* **DATA SHOWN**
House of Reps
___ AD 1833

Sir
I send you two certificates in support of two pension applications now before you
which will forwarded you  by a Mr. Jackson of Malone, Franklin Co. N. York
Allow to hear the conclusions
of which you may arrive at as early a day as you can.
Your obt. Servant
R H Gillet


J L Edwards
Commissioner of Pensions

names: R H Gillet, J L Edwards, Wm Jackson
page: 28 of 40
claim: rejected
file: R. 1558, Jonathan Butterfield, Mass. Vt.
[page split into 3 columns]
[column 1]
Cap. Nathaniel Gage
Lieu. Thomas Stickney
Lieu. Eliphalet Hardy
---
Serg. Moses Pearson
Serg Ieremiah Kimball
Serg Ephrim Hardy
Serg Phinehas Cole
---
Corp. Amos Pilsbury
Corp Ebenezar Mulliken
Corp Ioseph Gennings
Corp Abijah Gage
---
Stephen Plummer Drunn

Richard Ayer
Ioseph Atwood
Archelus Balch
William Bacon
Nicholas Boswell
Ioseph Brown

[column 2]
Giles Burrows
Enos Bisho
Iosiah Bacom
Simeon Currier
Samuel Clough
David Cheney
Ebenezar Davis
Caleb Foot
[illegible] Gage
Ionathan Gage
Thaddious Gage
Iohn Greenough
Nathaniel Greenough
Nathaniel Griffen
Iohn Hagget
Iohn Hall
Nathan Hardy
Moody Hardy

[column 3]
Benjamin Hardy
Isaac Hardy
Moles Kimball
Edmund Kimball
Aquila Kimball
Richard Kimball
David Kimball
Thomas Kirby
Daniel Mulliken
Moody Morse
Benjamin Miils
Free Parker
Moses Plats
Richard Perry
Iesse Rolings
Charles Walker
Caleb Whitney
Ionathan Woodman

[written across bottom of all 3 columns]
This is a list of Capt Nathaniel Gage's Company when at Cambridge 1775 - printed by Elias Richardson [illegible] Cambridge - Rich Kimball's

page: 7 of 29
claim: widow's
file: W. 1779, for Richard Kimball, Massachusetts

* **PROBLEM DESCRIPTION**
Referring to the material above, set down exactly the lines between the line with "Commissioner of Pensions" and the line with "Ionathan Woodman", inclusive, and no other lines.

* **ANSWER FOR THE TASK**
Commissioner of Pensions

names: R H Gillet, J L Edwards, Wm Jackson
page: 28 of 40
claim: rejected
file: R. 1558, Jonathan Butterfield, Mass. Vt.
[page split into 3 columns]
[column 1]
Cap. Nathaniel Gage
Lieu. Thomas Stickney
Lieu. Eliphalet Hardy
---
Serg. Moses Pearson
Serg Ieremiah Kimball
Serg Ephrim Hardy
Serg Phinehas Cole
---
Corp. Amos Pilsbury
Corp Ebenezar Mulliken
Corp Ioseph Gennings
Corp Abijah Gage
---
Stephen Plummer Drunn

Richard Ayer
Ioseph Atwood
Archelus Balch
William Bacon
Nicholas Boswell
Ioseph Brown

[column 2]
Giles Burrows
Enos Bisho
Iosiah Bacom
Simeon Currier
Samuel Clough
David Cheney
Ebenezar Davis
Caleb Foot
[illegible] Gage
Ionathan Gage
Thaddious Gage
Iohn Greenough
Nathaniel Greenough
Nathaniel Griffen
Iohn Hagget
Iohn Hall
Nathan Hardy
Moody Hardy

[column 3]
Benjamin Hardy
Isaac Hardy
Moles Kimball
Edmund Kimball
Aquila Kimball
Richard Kimball
David Kimball
Thomas Kirby
Daniel Mulliken
Moody Morse
Benjamin Miils
Free Parker
Moses Plats
Richard Perry
Iesse Rolings
Charles Walker
Caleb Whitney
Ionathan Woodman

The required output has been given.